When one is feeling depressed and anxious, the following is a grounding skill one can use to be more mindful at the moment and to experience positive distraction until strong negative emotions pass, as to reduce the possibility of impulsive reactions as impulsive reactions are not normally effective responses:
This grounding exercise is adapted from Dialectical Behavioral Therapy (DBT). You have probably heard or read about keeping a gratitude journal such as writing down 5 things you are grateful for. Here is a form of gratitude exercise that expands on this concept based on DBT. Using the GLAD technique you would write down:
G for Gratitude: List five things you are grateful for, from the small pleasures of daily living (that first cup of coffee or warm tea, surprisingly nice weather at the verge of winter, completing a task off your to-do list) to big accomplishments or milestones in life that you are truly grateful for. If you are struggling with this part of the exercise, think of all that is going well in your life and imagine having to go without it, even the coffee or a comfortable bed to sleep in every night.
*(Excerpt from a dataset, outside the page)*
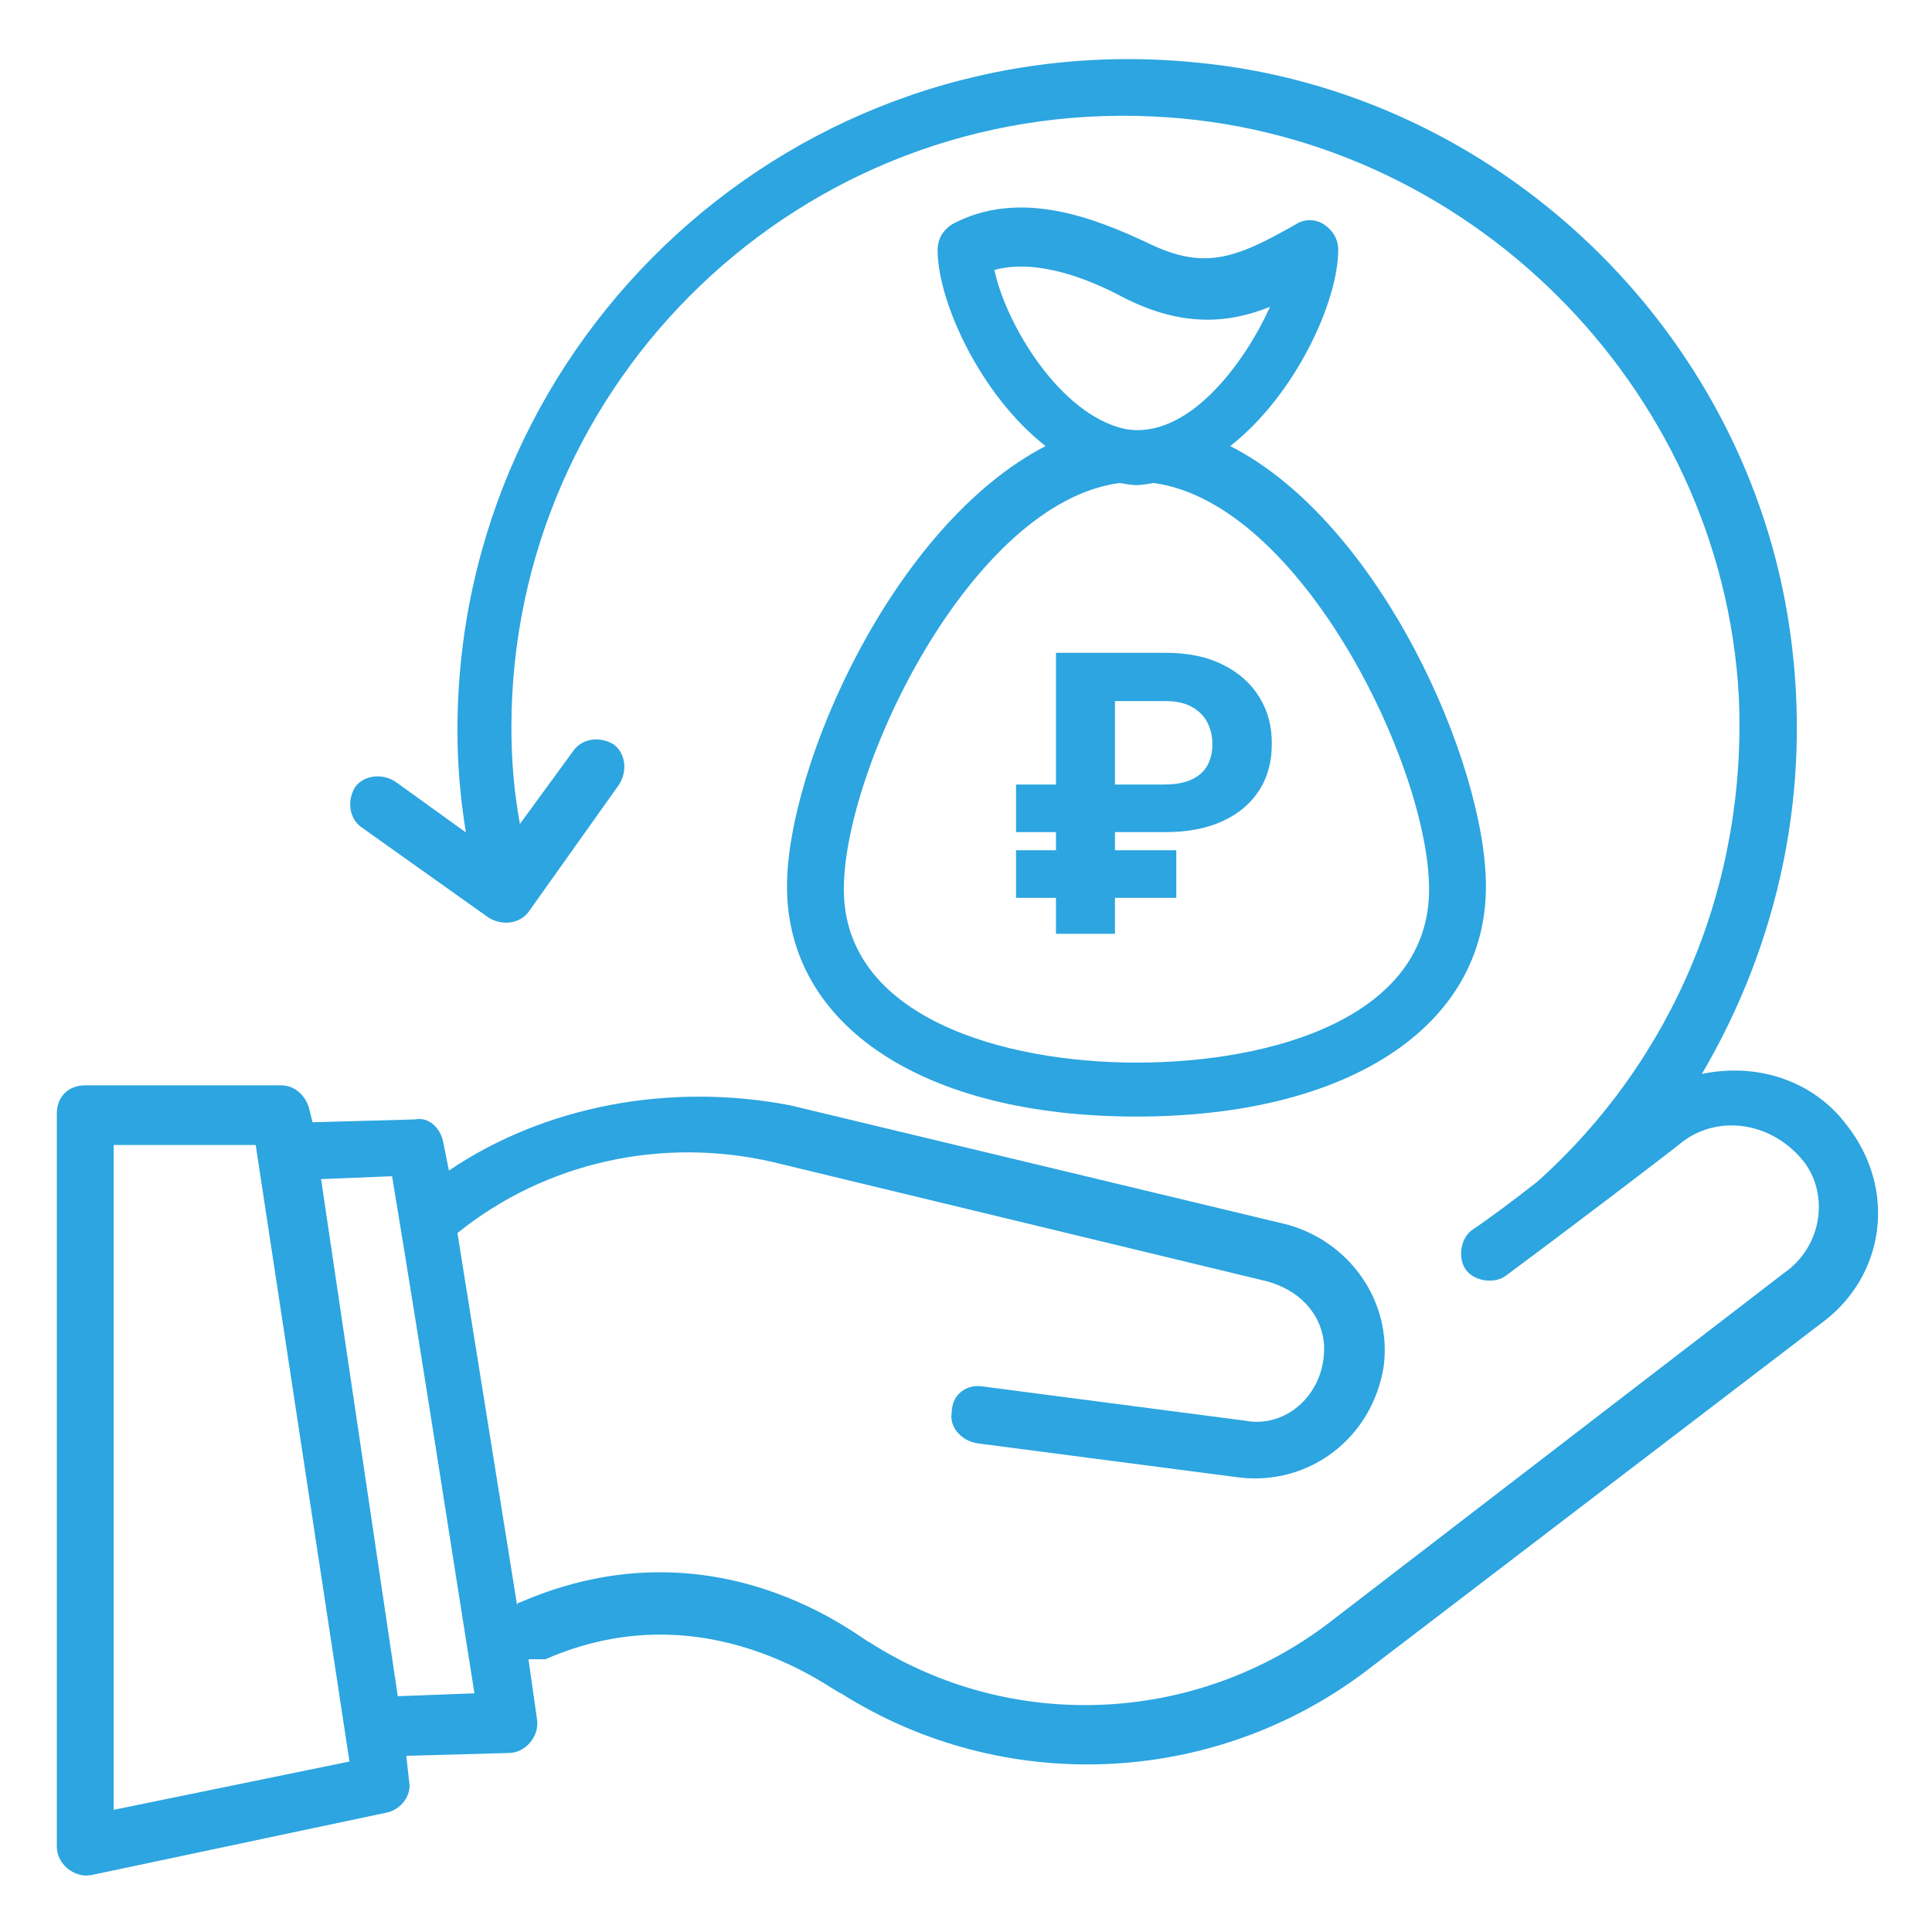 <svg width="60" height="60" viewBox="0 0 60 60" fill="none" xmlns="http://www.w3.org/2000/svg">
<path d="M13.941 36.353L13.765 35.471C13.676 35.029 13.323 34.677 12.882 34.765L9.706 34.853L9.618 34.5C9.529 34.059 9.176 33.706 8.735 33.706H2.647C2.118 33.706 1.765 34.059 1.765 34.588V57.353C1.765 57.883 2.294 58.324 2.823 58.235L12 56.294C12.441 56.206 12.794 55.765 12.706 55.324L12.618 54.529L15.794 54.441C16.323 54.441 16.765 53.912 16.676 53.383L16.412 51.529H16.941C21.971 49.324 25.941 52.588 26.118 52.588C31.147 55.765 37.676 55.5 42.441 51.883L56.647 41.029C58.5 39.618 58.941 36.971 57.353 34.941C56.294 33.529 54.529 33 52.853 33.353C55.235 29.294 56.294 24.529 55.588 19.588C54.265 10.235 46.5 2.824 37.147 1.941C24.706 0.706 14.206 10.5 14.206 22.677C14.206 23.735 14.294 24.794 14.47 25.853L12.265 24.265C11.823 24 11.294 24.088 11.029 24.441C10.765 24.883 10.853 25.412 11.206 25.677L15.176 28.5C15.618 28.765 16.147 28.677 16.412 28.324L19.235 24.353C19.5 23.912 19.412 23.383 19.059 23.118C18.618 22.853 18.088 22.941 17.823 23.294L16.147 25.588C15.97 24.618 15.882 23.647 15.882 22.588C15.882 11.824 24.882 3.088 35.824 3.618C45.529 4.059 53.471 12 54 21.618C54.265 27.441 51.971 32.912 47.735 36.706C46.941 37.324 46.235 37.853 45.706 38.206C45.353 38.471 45.265 39.088 45.529 39.441C45.794 39.794 46.412 39.883 46.765 39.618C48.794 38.118 52.147 35.559 52.235 35.471C53.382 34.588 55.059 34.853 56.029 36.088C56.824 37.147 56.559 38.735 55.412 39.529L41.294 50.383C37.147 53.559 31.412 53.824 27 51C26.735 50.912 22.235 47.118 16.147 49.765C16.147 49.765 16.059 49.765 16.059 49.853L14.206 38.294C16.941 36.088 20.559 35.294 24 36.088L39.353 39.794C40.324 40.059 41.029 40.765 41.118 41.735C41.206 43.235 39.971 44.383 38.647 44.118L30.529 43.059C30 42.971 29.559 43.324 29.559 43.853C29.471 44.294 29.823 44.735 30.353 44.824L38.471 45.883C40.676 46.147 42.618 44.647 42.971 42.441C43.235 40.412 41.912 38.559 39.971 38.029L24.529 34.324C20.823 33.618 16.941 34.324 13.941 36.353ZM3.529 56.206V35.559H7.941L10.853 54.706L3.529 56.206ZM12.353 52.677L9.971 36.618L12.176 36.529C13.059 41.824 14.294 49.853 14.735 52.588L12.353 52.677Z" fill="#2CA5E0"/>
<path d="M24.441 27.529C24.441 31.853 28.677 34.676 35.294 34.676C41.912 34.676 46.147 31.853 46.147 27.529C46.147 23.735 42.882 16.235 38.206 13.853C40.235 12.265 41.559 9.353 41.559 7.765C41.559 7.412 41.382 7.147 41.118 6.971C40.853 6.794 40.5 6.794 40.235 6.971C38.382 8.029 37.412 8.382 35.735 7.588C34.059 6.794 31.677 5.823 29.559 6.971C29.294 7.147 29.118 7.412 29.118 7.765C29.118 9.353 30.441 12.265 32.471 13.853C27.706 16.323 24.441 23.823 24.441 27.529ZM30.882 8.382C32.206 8.029 33.794 8.647 34.941 9.265C36.706 10.147 38.118 10.059 39.441 9.529C38.647 11.294 36.882 13.676 34.941 13.323C32.912 12.882 31.235 10.059 30.882 8.382ZM34.765 15C35.294 15.088 35.294 15.088 35.824 15C40.412 15.618 44.382 23.823 44.382 27.618C44.382 31.588 39.529 33 35.294 33C31.147 33 26.206 31.588 26.206 27.618C26.206 23.823 30.177 15.618 34.765 15Z" fill="#2CA5E0"/>
<path d="M36.203 25.842H31.554V24.364H36.152C36.499 24.364 36.783 24.312 37.004 24.21C37.226 24.108 37.389 23.963 37.494 23.776C37.599 23.588 37.652 23.366 37.652 23.111C37.652 22.861 37.599 22.635 37.494 22.433C37.389 22.232 37.229 22.071 37.013 21.952C36.797 21.832 36.527 21.773 36.203 21.773H34.626V29H32.794V20.273H36.203C36.894 20.273 37.484 20.396 37.976 20.643C38.47 20.888 38.848 21.223 39.109 21.649C39.371 22.072 39.5 22.553 39.497 23.09C39.5 23.652 39.368 24.139 39.101 24.551C38.834 24.963 38.453 25.281 37.959 25.506C37.465 25.73 36.879 25.842 36.203 25.842ZM36.531 26.405V27.884H31.554V26.405H36.531Z" fill="#2CA5E0"/>
</svg>

L for Learned: What have you learned today about yourself, your feelings, others, and the world around you? What experience or situation that happened today helped you expand on your sense of self and others around you? What have you learned in general that you did not know or were unaware of yesterday? What will you, or can you, do with this new information?
A for Accomplishment: What do you consider as your big and small accomplishments today? Even checking off a task on your to-do list is an accomplishment, such as finishing up a household chore, or taking the time to really listen to a child or friend with your full attention. Empathy is an accomplishment in this very busy, noisy world!
D for Delight: What brought you delight today? Did you see a red robin in your backyard, or did you take the time to enjoy your lunch rather than rushing to eat to run to the next task at work, or were you able to take the time to decorate your home for the holidays (if you prefer so) just the way you imagined it this time of the year?
Practice this technique each evening, or at least three times a week, and see if you are able to feel better overall, more hopeful about your ability to manage your emotions, and enjoy life a bit more on a daily basis.